US 11,924,227 B2
Hybrid unsupervised machine learning framework for industrial control system intrusion detection
Jiaxing Pi, Weehawken, NJ (US); Dong Wei, Edison, NJ (US); Leandro Pfleger de Aguiar, Robbinsville, NJ (US); Honggang Wang, Edison, NJ (US); and Saman Zonouz, Edison, NJ (US)
Assigned to SIEMENS AKTIENGESELLSCHAFT, Munich (DE); and Rutgers University, New Brunswick, NJ (US)
Appl. No. 17/259,010
Filed by Siemens Aktiengesellschaft, Munich (DE); and Rutgers University, New Brunswick, NJ (US)
PCT Filed Jun. 18, 2019, PCT No. PCT/US2019/037600
§ 371(c)(1), (2) Date Jan. 8, 2021,
PCT Pub. No. WO2020/013958, PCT Pub. Date Jan. 16, 2020.
Claims priority of provisional application 62/695,873, filed on Jul. 10, 2018.

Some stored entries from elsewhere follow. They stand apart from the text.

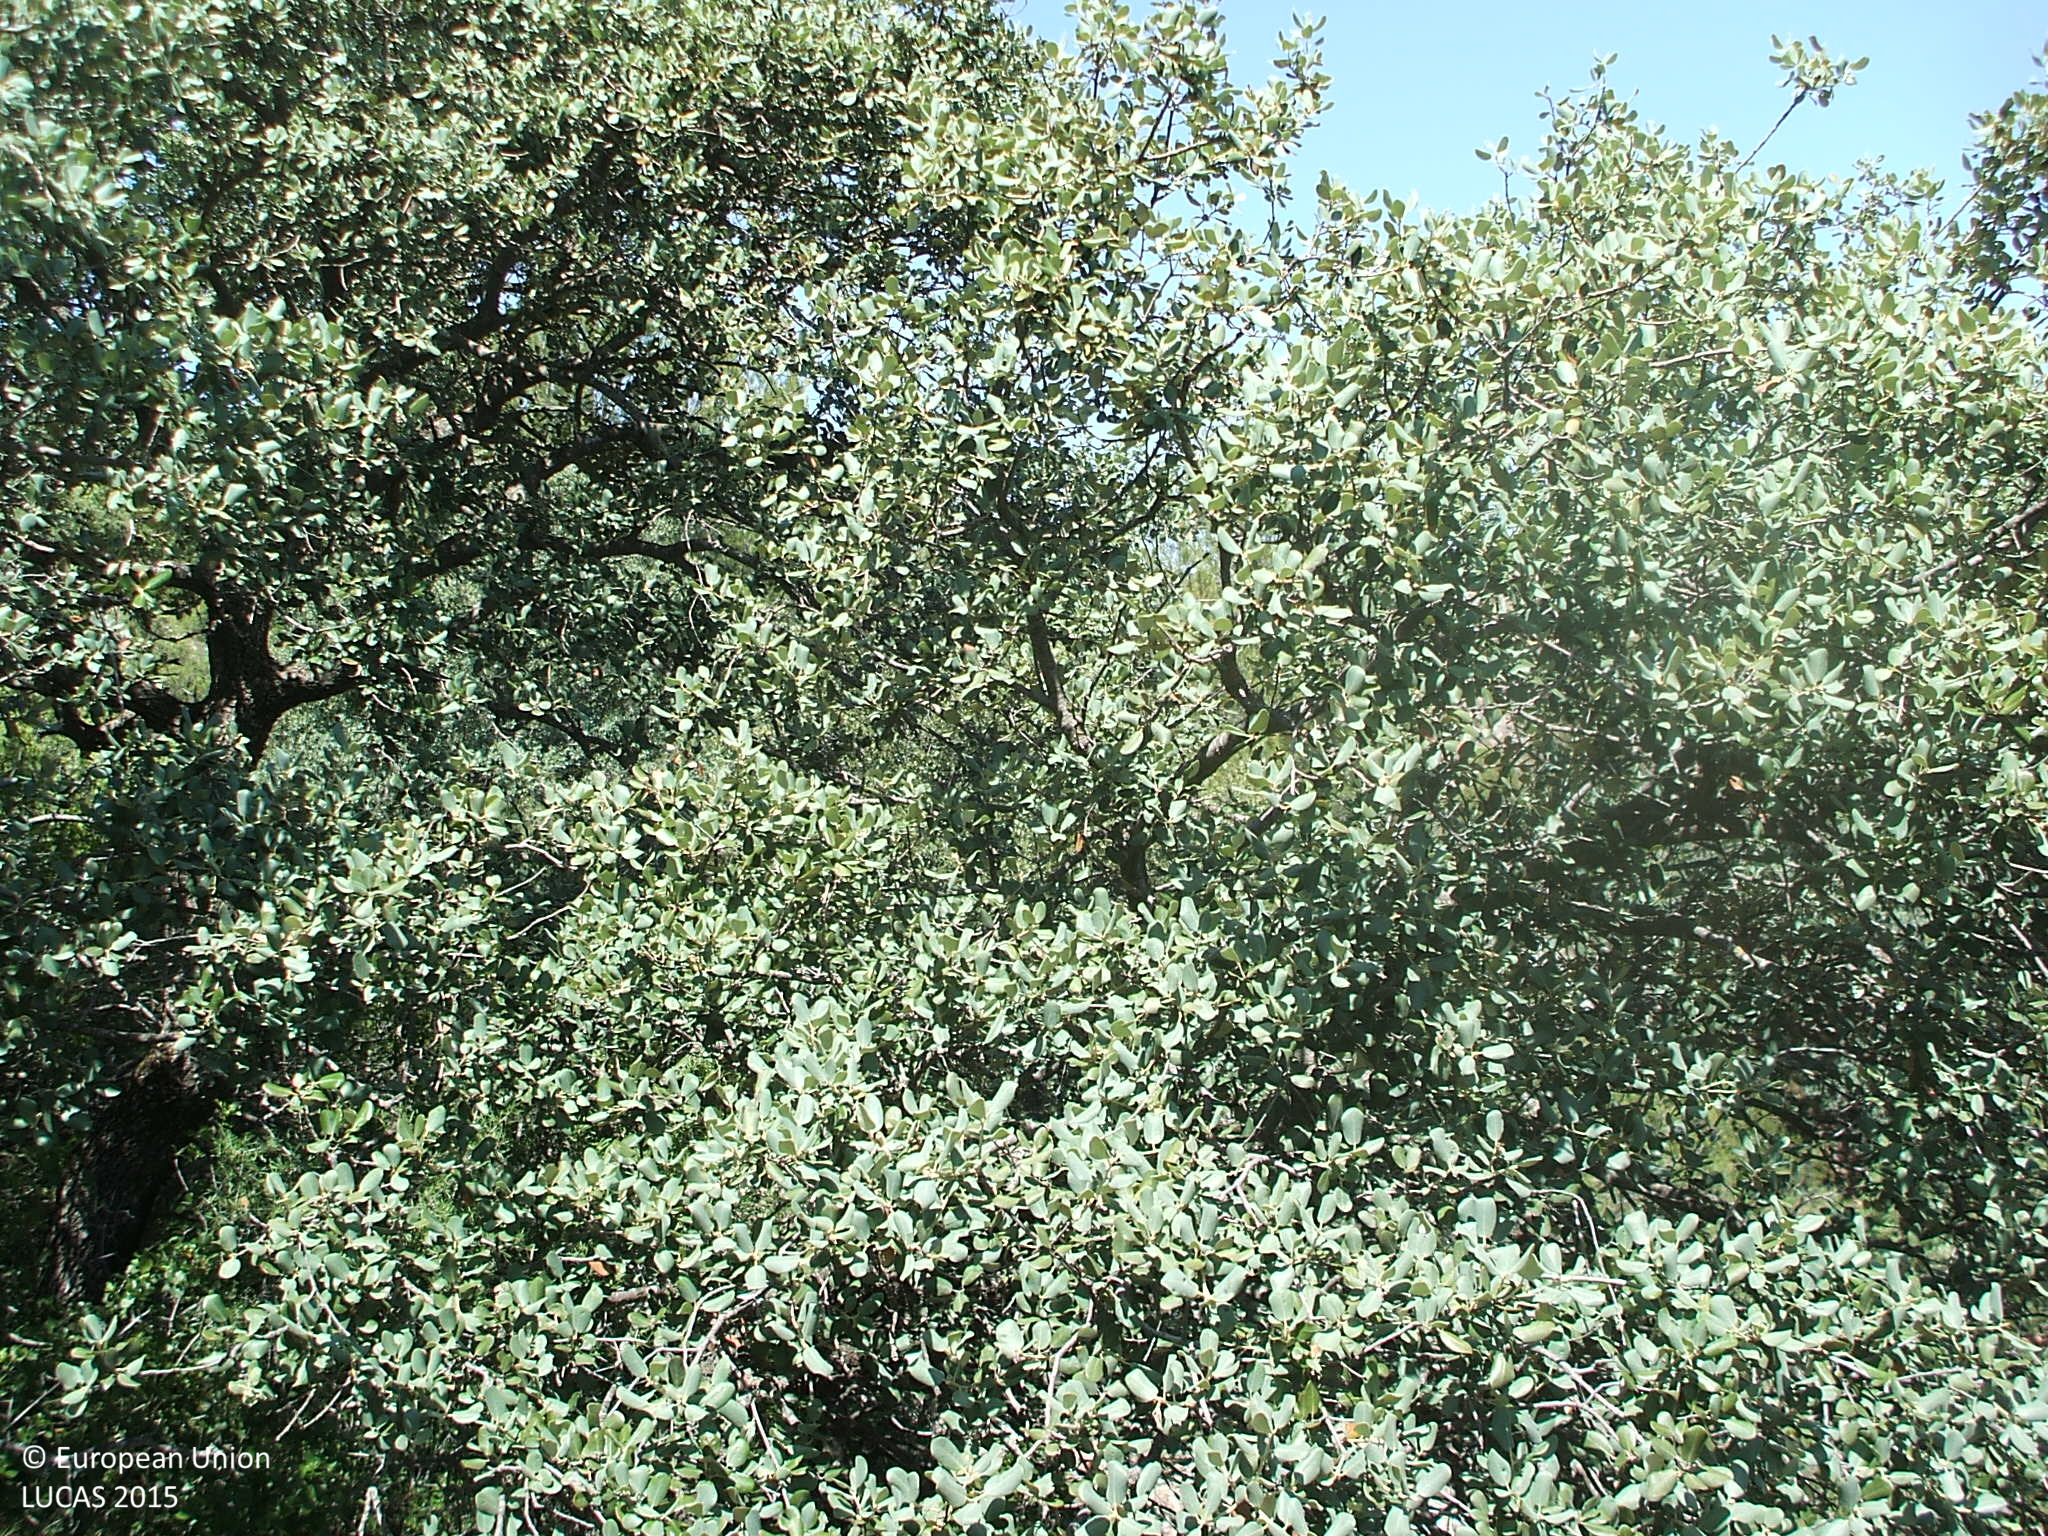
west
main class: Woodland
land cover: Other mixed woodland
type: coniferous forest of the mediterranean region
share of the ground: > 75 %
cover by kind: broadleaved forest trees 50 %, coniferous forest trees 30 %, shrubs 20 %
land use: Semi-natural and natural areas not in use
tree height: > 5 m
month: June
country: ES
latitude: 40.8539
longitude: -0.2952

Prior Publication US 2021/0306356 A1, Sep. 30, 2021
Int. Cl. H04L 9/40 (2022.01)
CPC H04L 63/1416 (2013.01) [H04L 63/1425 (2013.01); H04L 63/1466 (2013.01)] 20 Claims
OG exemplary drawing
 
1. A method of protecting an industrial system from cyberattacks, the method comprising:
collecting initial operating data from a plurality of sensors each positioned within the industrial system and operable to monitor an operating parameter of the industrial system;
analyzing the initial operating data to develop a program that includes a time-series database including expected operating ranges for each operating parameter, a clustering-based database that includes clusters of operating parameters having similarities, and a correlation database that includes pairs of operating parameters that show a correlation in their initial operating data;
operating the program including the time-series database, the clustering-based database, and the correlation database in a computer, the program operable to receive current operating data and to analyze that operating data in view of each of the time-series database, the clustering-based database, and the correlation database; and
triggering an alarm in response to the analysis of the current operating data indicating at least one of an operating parameter outside of an expected range, a change in the expected clustering, and a variation in a correlation.